The bureau must investigate your claim -- usually within 30 days. This process can be a bit of a mess, and there's no guarantee that it will work out in your favor. Some people have horror stories of being unsuccessful in getting inaccurate information changed or removed from their reports. Those are typically the exception to the rule, however.
If the disputed information is found to be inaccurate, the company that initially reported it to the credit bureau must report it to all three major bureaus so they can correct your file.
It may all sound like a lot of work for you, but it's an absolutely essential step for anyone who is buying a home. If you don't do it, you can cost yourself thousands of dollars on your next mortgage.
Here's how it works.
Say, for example, that you find a mysterious American Express credit card account on your credit report. According to your credit report, the card has a $25,000 credit line and a balance of $20,000. There have also been multiple late payments on the account.
Problem is, it's not your card. You never applied for it. You've never used it. You've never even seen it. But it is making you look like a risky borrower because it makes it appear that you are a deadbeat and that you're using a high percentage of your debt ($20,000 of $25,000, or 75%). The ideal debt-to-credit-limit percentage is 30% or less.
A case such as this one -- an extreme, but hardly unheard-of example -- can cause your credit score to fall significantly. But it doesn't necessarily take a huge mistake to have a big impact. For example, a maxed-out card can lower your FICO score by up to 45 points. A 30-day-late payment can cost you 110 points on your score. (That's according to information released by FICO.)
For about 5% of those in the survey, the removal of the disputed information improved their credit score enough to make them likely to get a lower interest rate than they would have otherwise. That could mean that up to 10 million Americans have errors on their credit reports that could be the difference between fair credit and good credit -- or even good credit and great credit.

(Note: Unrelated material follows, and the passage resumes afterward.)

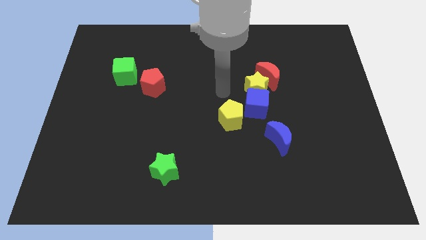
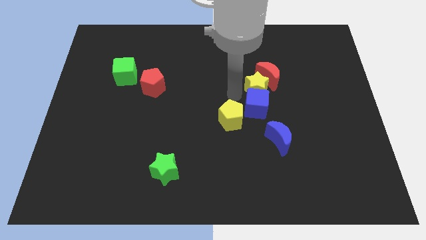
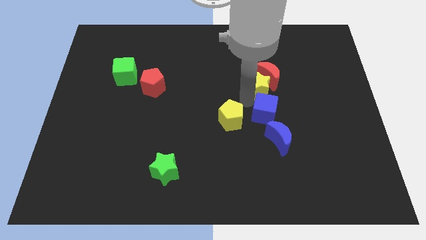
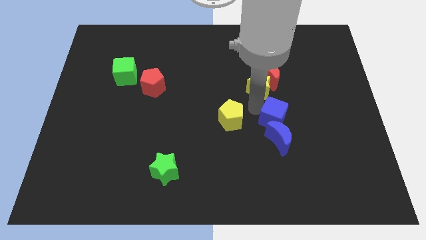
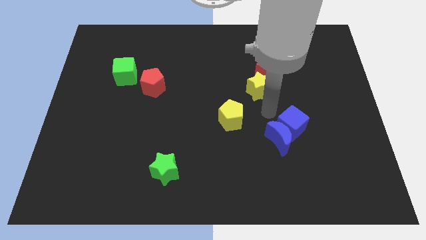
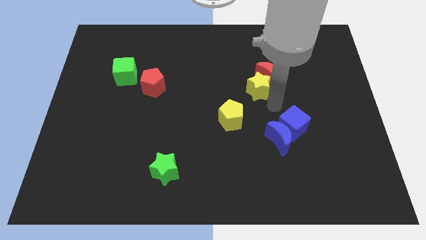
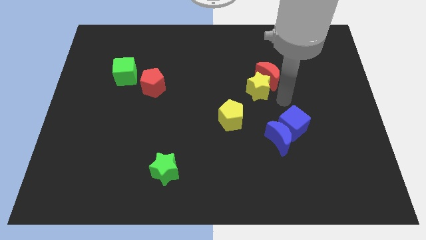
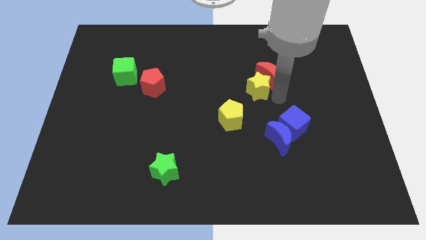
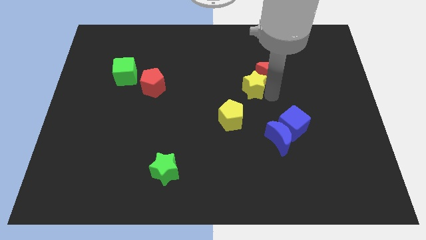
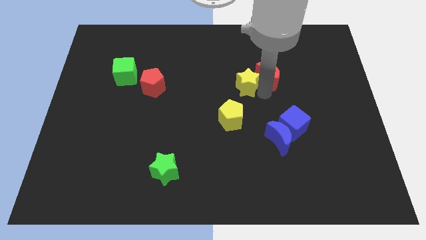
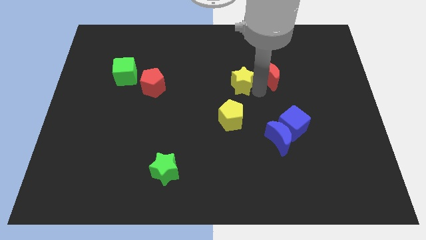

And that means real money. Using our InvestingAnswers Mortgage Calculator, we saw just how much.
  • A 4% interest rate on a 30-year, $200,000 mortgage leaves you with a monthly principal and interest payment of $955.
  • Bump the interest rate up just 1 percentage point to 5% and your monthly payment is $1,074. That's a $119 monthly increase -- or more than $1,400 per year.
  • Bump the rate up to 6% and the rate jumps another $125 per month.
That can make it that much tougher to turn a profit on your rental property, for example. It could put that investment property out of your price range. It even keep you from getting a loan altogether. After all, the riskier you look, the less likely you are to get a loan.
The Investing Answer: Before you make any major purchase that will require a loan, avoid making any significant credit card purchases for about 30 to 60 days. Don't apply for new or increased credit and definitely do not miss any payments. Any of those things can put a temporary-but-real ding on your credit score.
Then, visit AnnualCreditReport.com and get your credit reports from all three major reporting bureaus. As I said, make sure your reports are accurate and if they're not, take it upon yourself to dispute them. And when you do dispute them, make copies of all your information and take careful notes of who you speak with at the bureaus and when you spoke with them.
Finally, go to myFICO.com and purchase your credit scores from all three bureaus. FICO's scores aren't free -- unlike some other credit scores that are available -- but the vast majority of lenders use FICO scores to make their lending decisions. Thus, when getting a credit score, you should get it from FICO.
The truth of the matter is that no one cares more about your credit than you. If you don't take care of it, it will cost you.